This is the second and final installment in a First Draft investigation into how an anti-Muslim influence operation in India hijacked conversations about Israel and Palestine. The previous piece focused on the content of the network, prominent narratives and the context of Islamophobia in India

Last month, as violence escalated in Israel and Palestine, the hashtag #UnitedAgainstJehad trended, sparked by an open call to propel an anti-Muslim narrative to prominence. 

An analysis of the network of accounts behind the campaign has revealed some key tactics that were used to spread Islamophobia online, exploiting the conflict while targeting India’s minority Muslim community. 

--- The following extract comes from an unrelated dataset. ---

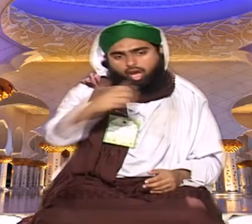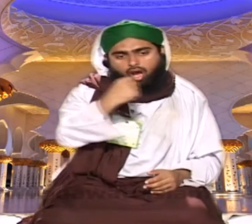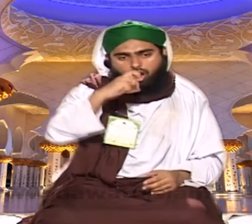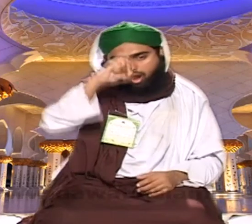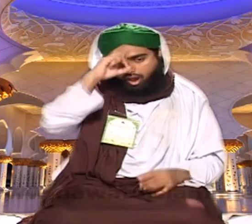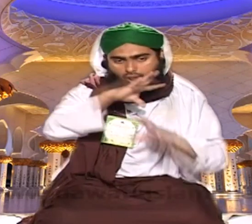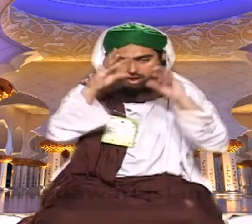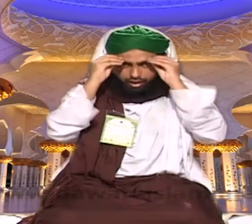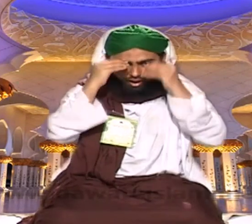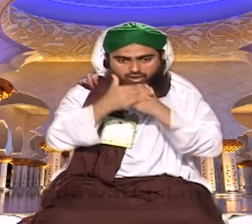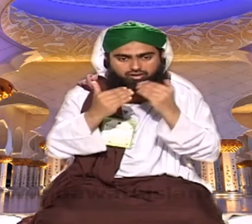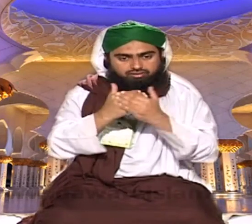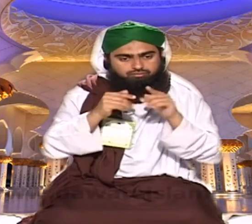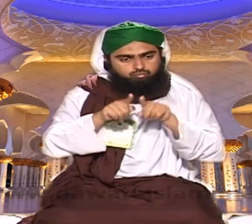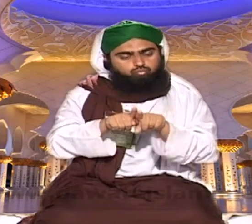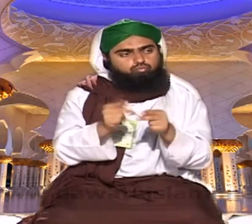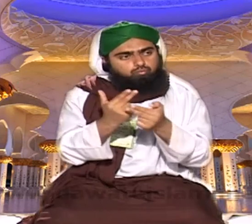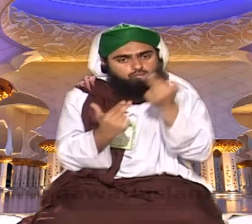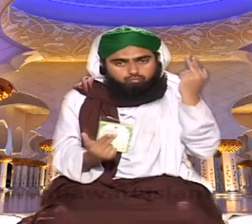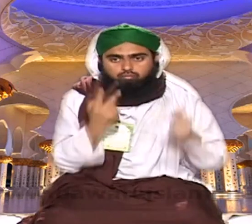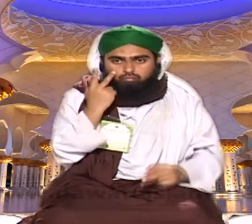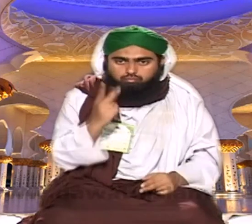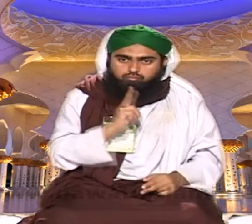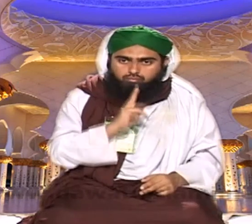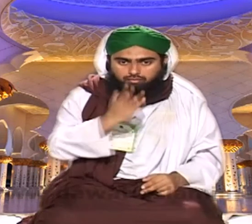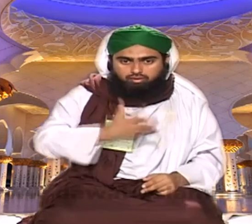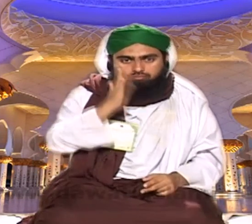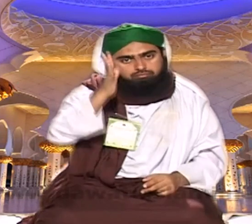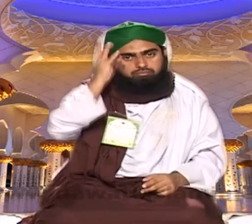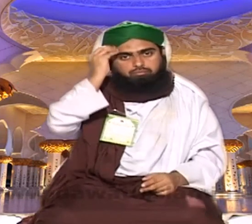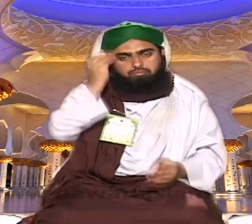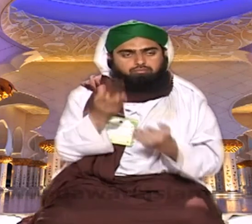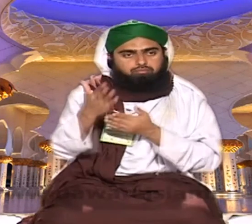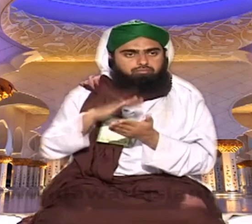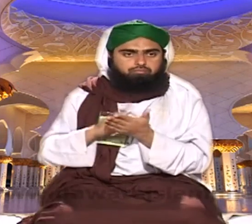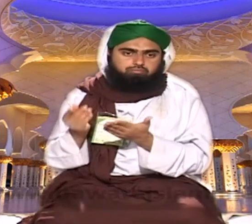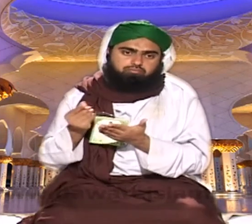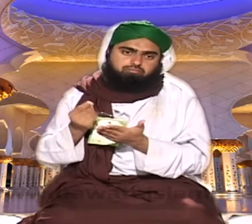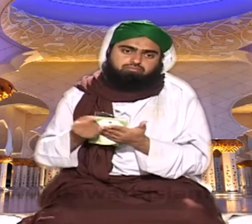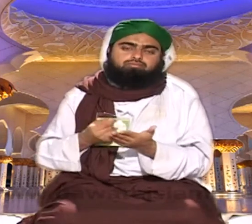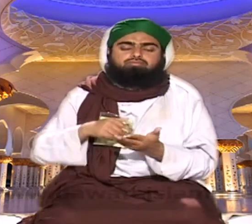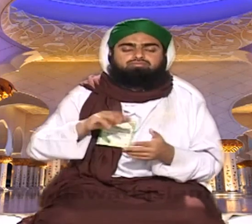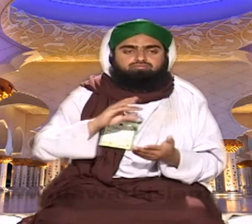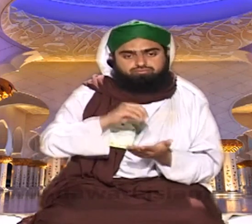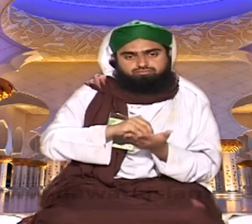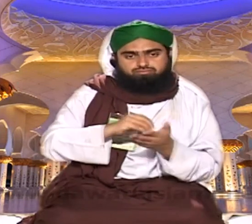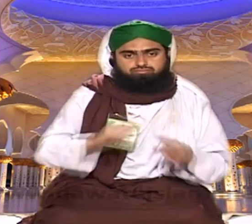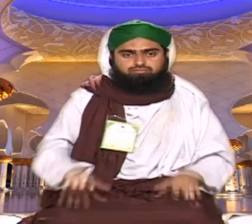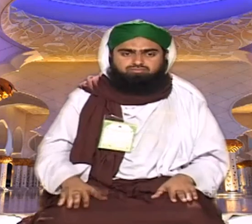اہل حق سے حاصل ہو اسے حاصل کر لینا چاہیے شرط یہ کہ اہل حق یہ مطلب شرط تو یاد لکھے گا تو بہرانے کے حاصل کر لینا چاہیے اب مثلا

First Draft used Twitter’s API to scrape more than 6,000 tweets that were posted over a six-day period and which produced nearly 70,000 interactions on the platform. We created multiple visualizations to depict the relationship between accounts using the hashtag and the complexity of the network; you can learn more about network visualizations here

Here are some key takeaways that emerged from the analysis:

  • Demonstrating inauthentic behavior on social media is complicated. There are no unique definitions and metrics experts agree on, and influence campaigns can often include a mix of deliberately manipulative tactics and organic social media activity. 
  • However, there are some reliable indicators of manipulation. The accounts in the network we uncovered showed signs of coordinated efforts to manipulate Twitter traffic, both in the content of the tweets and in unusual patterns of activity.
  • A qualitative analysis demonstrated the consistency of harmful messaging. 
  • Numerous images and memes used within the network referenced controversial historical events and had been previously shared by Hindu nationalist communities online.

The timeline

At the very beginning of our dataset, the first post by the Twitter account @Randm_indianguy kicked off the campaign May 12 at 2:57 p.m. GMT. 

The hashtag took off quickly; over the course of two hours, it was tweeted and retweeted 500 times. Twenty-four hours later, it had appeared 45,000 times. 

On May 13 at 3 p.m. GMT, the hashtag reached its highest volume of activity: a spike of 18,784 tweets and retweets in an hour. Almost as quickly as it emerged, the hashtag’s activity then sharply deflated. 

Indicators of inauthenticity

So what were the main factors that made the hashtag spread so widely so quickly? 

There are reasons to be cautious before attributing suspicious online activity to a “bot,” as we noted in a 2019 essay: Accounts may in reality be operated by people pushing a political agenda. What’s more, researchers often disagree about the criteria for labeling activity as inauthentic. 

Still, influence operations often present multiple indicators of coordination and inauthenticity — and in some cases automation — as part of efforts to amplify sensitive content. 

The network diagram below maps the constellation of accounts that tweeted the #UnitedAgainstJehad hashtag.

Each node represents an account and each connection between two dots is a retweet. The size of the nodes shows accounts that were retweeted the most in the network and reveals the most influential accounts in making the hashtag trend.

This visualization shows the most influential accounts in the network and their relationship to each other. The largest dots or nodes are accounts that were retweeted the most, while the lines between the nodes indicate which accounts retweeted which account.

The account that first launched the open call – @Randm_indianguy – is by far the most retweeted account in the campaign, followed by similar accounts, @Indianrightwing and @_spiritualgirl_. In one of their later tweets, @Randm_indianguy indicated that @_spiritualgirl_ is managed by the same person or group of people.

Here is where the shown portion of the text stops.